Description of the task.
Scan the data beneath this task and copy each line that includes "nodes".

Records from a collection.

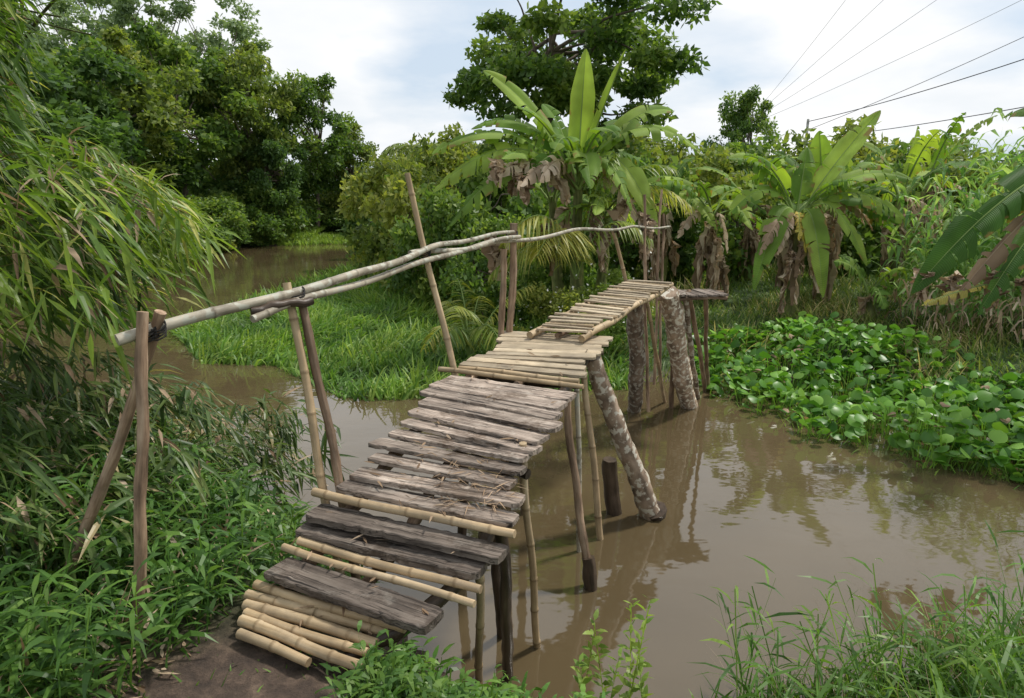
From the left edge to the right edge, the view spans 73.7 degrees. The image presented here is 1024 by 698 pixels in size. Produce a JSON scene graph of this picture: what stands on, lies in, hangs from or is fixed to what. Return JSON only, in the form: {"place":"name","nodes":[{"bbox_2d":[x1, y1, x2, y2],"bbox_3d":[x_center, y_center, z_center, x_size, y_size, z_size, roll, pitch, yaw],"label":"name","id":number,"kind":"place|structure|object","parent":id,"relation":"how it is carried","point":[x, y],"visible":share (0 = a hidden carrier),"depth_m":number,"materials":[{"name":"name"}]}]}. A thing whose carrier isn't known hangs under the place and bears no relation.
{"place":"outdoors","nodes":[
{"label":"outdoors","id":0,"kind":"place"},
{"bbox_2d":[0,244,1023,697],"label":"water","id":1,"kind":"structure","parent":0,"point":[734,486],"depth_m":5.28,"materials":[{"name":"brown liquid"}]},
{"bbox_2d":[686,311,1023,489],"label":"water hyacinth","id":2,"kind":"object","parent":1,"relation":"on","point":[950,411],"visible":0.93,"depth_m":8.22,"materials":[{"name":"green plant"}]},
{"bbox_2d":[0,198,1023,697],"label":"ground","id":3,"kind":"structure","parent":0,"point":[224,652],"depth_m":2.69,"materials":[{"name":"soil"}]},
{"bbox_2d":[0,0,71,114],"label":"tree","id":4,"kind":"object","parent":3,"relation":"on","point":[57,104],"visible":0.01,"depth_m":21.79,"materials":[{"name":"green plant"}]},
{"bbox_2d":[3,7,83,116],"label":"tree","id":5,"kind":"object","parent":3,"relation":"on","point":[55,63],"visible":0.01,"depth_m":25.03,"materials":[{"name":"green plant"}]},
{"bbox_2d":[1,50,123,194],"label":"tree","id":6,"kind":"object","parent":3,"relation":"on","point":[105,135],"visible":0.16,"depth_m":18.80,"materials":[{"name":"green plant"}]},
{"bbox_2d":[16,0,114,60],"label":"pale tree","id":7,"kind":"object","parent":3,"relation":"on","point":[64,6],"visible":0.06,"depth_m":38.99,"materials":[{"name":"green plant"}]},
{"bbox_2d":[6,16,151,201],"bbox_3d":[-15.993,-6.958,23.320,6.230,8.344,7.112,-2,13,-10],"label":"tree","id":8,"kind":"object","parent":3,"relation":"on","point":[100,68],"visible":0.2,"depth_m":22.58,"materials":[{"name":"green plant"}]},
{"bbox_2d":[31,0,180,61],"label":"pale tree","id":9,"kind":"object","parent":3,"relation":"on","point":[68,21],"visible":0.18,"depth_m":37.15,"materials":[{"name":"green plant"}]},
{"bbox_2d":[30,28,185,168],"bbox_3d":[-18.286,-9.157,29.702,7.869,9.222,8.983,-10,16,-37],"label":"tree","id":10,"kind":"object","parent":3,"relation":"on","point":[77,39],"visible":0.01,"depth_m":29.60,"materials":[{"name":"green plant"}]},
{"bbox_2d":[0,0,243,390],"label":"bamboo plant","id":11,"kind":"object","parent":3,"relation":"on","point":[120,227],"visible":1,"depth_m":3.46,"materials":[{"name":"green plant"}]},
{"bbox_2d":[45,23,206,187],"bbox_3d":[-15.970,-8.402,27.977,6.460,9.140,5.996,3,13,13],"label":"tree","id":12,"kind":"object","parent":3,"relation":"on","point":[156,105],"visible":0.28,"depth_m":27.56,"materials":[{"name":"green plant"}]},
{"bbox_2d":[95,0,234,191],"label":"pale tree","id":13,"kind":"object","parent":3,"relation":"on","point":[129,7],"visible":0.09,"depth_m":39.75,"materials":[{"name":"green plant"}]},
{"bbox_2d":[0,329,358,600],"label":"bamboo thicket","id":14,"kind":"object","parent":3,"relation":"on","point":[49,380],"visible":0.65,"depth_m":4.07,"materials":[{"name":"green plant"}]},
{"bbox_2d":[4,179,364,300],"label":"riverside shrubs","id":15,"kind":"object","parent":3,"relation":"on","point":[252,223],"visible":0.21,"depth_m":34.15,"materials":[{"name":"green plant"}]},
{"bbox_2d":[124,16,258,198],"bbox_3d":[-16.701,-10.165,33.069,7.683,10.419,6.837,7,15,29],"label":"tree","id":16,"kind":"object","parent":3,"relation":"on","point":[215,138],"visible":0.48,"depth_m":32.60,"materials":[{"name":"green plant"}]},
{"bbox_2d":[171,45,272,193],"bbox_3d":[-16.371,-11.765,39.015,5.972,10.240,6.394,-4,13,-17],"label":"tree","id":17,"kind":"object","parent":3,"relation":"on","point":[210,51],"visible":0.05,"depth_m":37.49,"materials":[{"name":"green plant"}]},
{"bbox_2d":[163,0,282,125],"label":"pale tree","id":18,"kind":"object","parent":3,"relation":"on","point":[237,28],"visible":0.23,"depth_m":39.29,"materials":[{"name":"green plant"}]},
{"bbox_2d":[193,38,303,191],"bbox_3d":[-13.615,-10.839,35.801,5.396,10.511,5.814,-5,13,-20],"label":"tree","id":19,"kind":"object","parent":3,"relation":"on","point":[285,92],"visible":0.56,"depth_m":34.57,"materials":[{"name":"green plant"}]},
{"bbox_2d":[223,115,310,226],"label":"tree","id":20,"kind":"object","parent":3,"relation":"on","point":[274,154],"visible":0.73,"depth_m":34.81,"materials":[{"name":"green plant"}]},
{"bbox_2d":[0,374,610,697],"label":"bank weeds","id":21,"kind":"object","parent":3,"relation":"on","point":[394,674],"visible":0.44,"depth_m":2.81,"materials":[{"name":"green plant"}]},
{"bbox_2d":[266,68,363,232],"bbox_3d":[-11.271,-10.977,38.670,5.283,9.117,5.937,3,13,12],"label":"tree","id":22,"kind":"object","parent":3,"relation":"on","point":[320,163],"visible":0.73,"depth_m":37.87,"materials":[{"name":"green plant"}]},
{"bbox_2d":[322,123,384,205],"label":"tree","id":23,"kind":"object","parent":3,"relation":"on","point":[369,148],"visible":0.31,"depth_m":40.64,"materials":[{"name":"green plant"}]},
{"bbox_2d":[60,173,728,680],"bbox_3d":[0.779,0.135,5.518,2.064,2.958,7.659,9,16,36],"label":"wooden footbridge","id":24,"kind":"object","parent":3,"relation":"on","point":[492,397],"visible":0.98,"depth_m":3.30,"materials":[{"name":"beige wood"}]},
{"bbox_2d":[167,223,628,400],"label":"marsh grass","id":25,"kind":"structure","parent":3,"relation":"on","point":[378,328],"depth_m":10.92,"materials":[{"name":"green plant"}]},
{"bbox_2d":[379,142,448,166],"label":"tree","id":26,"kind":"object","parent":3,"relation":"on","point":[398,150],"visible":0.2,"depth_m":37.59,"materials":[{"name":"green plant"}]},
{"bbox_2d":[454,143,488,187],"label":"tree","id":27,"kind":"object","parent":3,"relation":"on","point":[474,147],"visible":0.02,"depth_m":31.72,"materials":[{"name":"green plant"}]},
{"bbox_2d":[420,278,535,358],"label":"palm seedling","id":28,"kind":"object","parent":3,"relation":"on","point":[466,336],"visible":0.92,"depth_m":9.46,"materials":[{"name":"green plant"}]},
{"bbox_2d":[432,49,699,328],"bbox_3d":[0.804,-2.252,10.545,3.965,4.418,2.378,0,13,0],"label":"banana plant","id":29,"kind":"object","parent":3,"relation":"on","point":[581,136],"visible":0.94,"depth_m":9.99,"materials":[{"name":"green plant"}]},
{"bbox_2d":[504,243,655,346],"bbox_3d":[1.024,-0.445,9.866,2.413,2.144,1.549,-9,15,-34],"label":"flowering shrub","id":30,"kind":"object","parent":3,"relation":"on","point":[551,304],"visible":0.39,"depth_m":9.73,"materials":[{"name":"green plant"}]},
{"bbox_2d":[441,0,722,193],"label":"spreading tree","id":31,"kind":"object","parent":3,"relation":"on","point":[615,31],"visible":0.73,"depth_m":17.54,"materials":[{"name":"green plant"}]},
{"bbox_2d":[488,153,694,285],"bbox_3d":[1.221,-1.887,9.948,3.153,1.890,1.447,-7,14,-28],"label":"young coconut palm","id":32,"kind":"object","parent":3,"relation":"on","point":[540,247],"visible":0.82,"depth_m":9.69,"materials":[{"name":"green plant"}]},
{"bbox_2d":[162,151,1023,200],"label":"distant trees","id":33,"kind":"object","parent":3,"relation":"on","point":[1014,153],"visible":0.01,"depth_m":58.72,"materials":[{"name":"green plant"}]},
{"bbox_2d":[571,596,658,697],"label":"herb plant","id":34,"kind":"object","parent":3,"relation":"on","point":[585,664],"visible":0.94,"depth_m":3.14,"materials":[{"name":"green plant"}]},
{"bbox_2d":[631,134,687,155],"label":"tree","id":35,"kind":"object","parent":3,"relation":"on","point":[648,140],"visible":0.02,"depth_m":35.54,"materials":[{"name":"green plant"}]},
{"bbox_2d":[613,157,716,283],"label":"banana plant","id":36,"kind":"object","parent":3,"relation":"on","point":[702,209],"visible":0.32,"depth_m":13.05,"materials":[{"name":"green plant"}]},
{"bbox_2d":[335,114,1023,326],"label":"thicket","id":37,"kind":"object","parent":3,"relation":"on","point":[378,201],"visible":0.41,"depth_m":14.90,"materials":[{"name":"green plant"}]},
{"bbox_2d":[651,179,766,302],"bbox_3d":[3.659,-1.832,12.648,2.163,2.587,2.365,10,16,39],"label":"banana plant","id":38,"kind":"object","parent":3,"relation":"on","point":[709,247],"visible":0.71,"depth_m":12.36,"materials":[{"name":"green plant"}]},
{"bbox_2d":[413,254,1023,413],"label":"bank grass","id":39,"kind":"structure","parent":3,"relation":"on","point":[770,273],"depth_m":11.09,"materials":[{"name":"green plant"}]},
{"bbox_2d":[701,84,782,163],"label":"round tree","id":40,"kind":"object","parent":3,"relation":"on","point":[739,119],"visible":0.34,"depth_m":43.42,"materials":[{"name":"green plant"}]},
{"bbox_2d":[689,156,797,279],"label":"banana plant","id":41,"kind":"object","parent":3,"relation":"on","point":[751,244],"visible":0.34,"depth_m":14.11,"materials":[{"name":"green plant"}]},
{"bbox_2d":[805,119,809,146],"bbox_3d":[12.136,-6.739,28.722,0.224,5.602,0.152,0,13,0],"label":"utility pole","id":42,"kind":"object","parent":3,"relation":"on","point":[807,123],"visible":0.1,"depth_m":28.13,"materials":[{"name":"concrete"}]},
{"bbox_2d":[764,0,1023,138],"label":"power lines","id":43,"kind":"object","parent":42,"relation":"attached to","point":[905,89],"visible":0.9,"depth_m":25.80,"materials":[{"name":"black metal"}]},
{"bbox_2d":[728,110,912,316],"bbox_3d":[4.952,-2.146,11.296,2.289,3.462,2.366,-10,16,-38],"label":"banana plant","id":44,"kind":"object","parent":3,"relation":"on","point":[811,234],"visible":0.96,"depth_m":11.13,"materials":[{"name":"green plant"}]},
{"bbox_2d":[774,131,900,303],"bbox_3d":[5.599,-2.277,12.148,2.450,3.071,2.102,0,13,0],"label":"banana plant","id":45,"kind":"object","parent":3,"relation":"on","point":[822,144],"visible":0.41,"depth_m":11.86,"materials":[{"name":"green plant"}]},
{"bbox_2d":[779,145,906,280],"bbox_3d":[6.413,-2.580,13.928,2.616,2.948,2.141,-7,14,-29],"label":"banana plant","id":46,"kind":"object","parent":3,"relation":"on","point":[837,234],"visible":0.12,"depth_m":13.59,"materials":[{"name":"green plant"}]},
{"bbox_2d":[688,519,1023,697],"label":"long grass","id":47,"kind":"structure","parent":3,"relation":"on","point":[983,673],"depth_m":3.23,"materials":[{"name":"green plant"}]},
{"bbox_2d":[834,254,912,320],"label":"banana plant","id":48,"kind":"object","parent":3,"relation":"on","point":[867,302],"visible":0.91,"depth_m":11.13,"materials":[{"name":"green plant"}]},
{"bbox_2d":[841,126,994,289],"bbox_3d":[7.114,-2.463,12.499,2.687,3.058,2.084,0,13,0],"label":"banana plant","id":49,"kind":"object","parent":3,"relation":"on","point":[912,168],"visible":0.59,"depth_m":12.11,"materials":[{"name":"green plant"}]},
{"bbox_2d":[846,112,997,269],"bbox_3d":[8.458,-3.076,14.393,2.506,3.382,2.608,12,17,43],"label":"banana plant","id":50,"kind":"object","parent":3,"relation":"on","point":[943,155],"visible":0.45,"depth_m":13.89,"materials":[{"name":"green plant"}]},
{"bbox_2d":[865,107,1023,345],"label":"reed bed","id":51,"kind":"object","parent":3,"relation":"on","point":[982,197],"visible":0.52,"depth_m":10.40,"materials":[{"name":"green plant"}]},
{"bbox_2d":[909,108,1023,315],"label":"banana plant","id":52,"kind":"object","parent":3,"relation":"on","point":[994,211],"visible":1,"depth_m":6.41,"materials":[{"name":"green plant"}]},
{"bbox_2d":[18,0,1023,195],"label":"sky","id":53,"kind":"structure","parent":0,"point":[391,62],"materials":[{"name":"white"}]}
]}

Response.
From the left edge to the right edge, the view spans 73.7 degrees. The image presented here is 1024 by 698 pixels in size. Produce a JSON scene graph of this picture: what stands on, lies in, hangs from or is fixed to what. Return JSON only, in the form: {"place":"name","nodes":[{"bbox_2d":[x1, y1, x2, y2],"bbox_3d":[x_center, y_center, z_center, x_size, y_size, z_size, roll, pitch, yaw],"label":"name","id":number,"kind":"place|structure|object","parent":id,"relation":"how it is carried","point":[x, y],"visible":share (0 = a hidden carrier),"depth_m":number,"materials":[{"name":"name"}]}]}. A thing whose carrier isn't known hangs under the place and bears no relation.
{"place":"outdoors","nodes":[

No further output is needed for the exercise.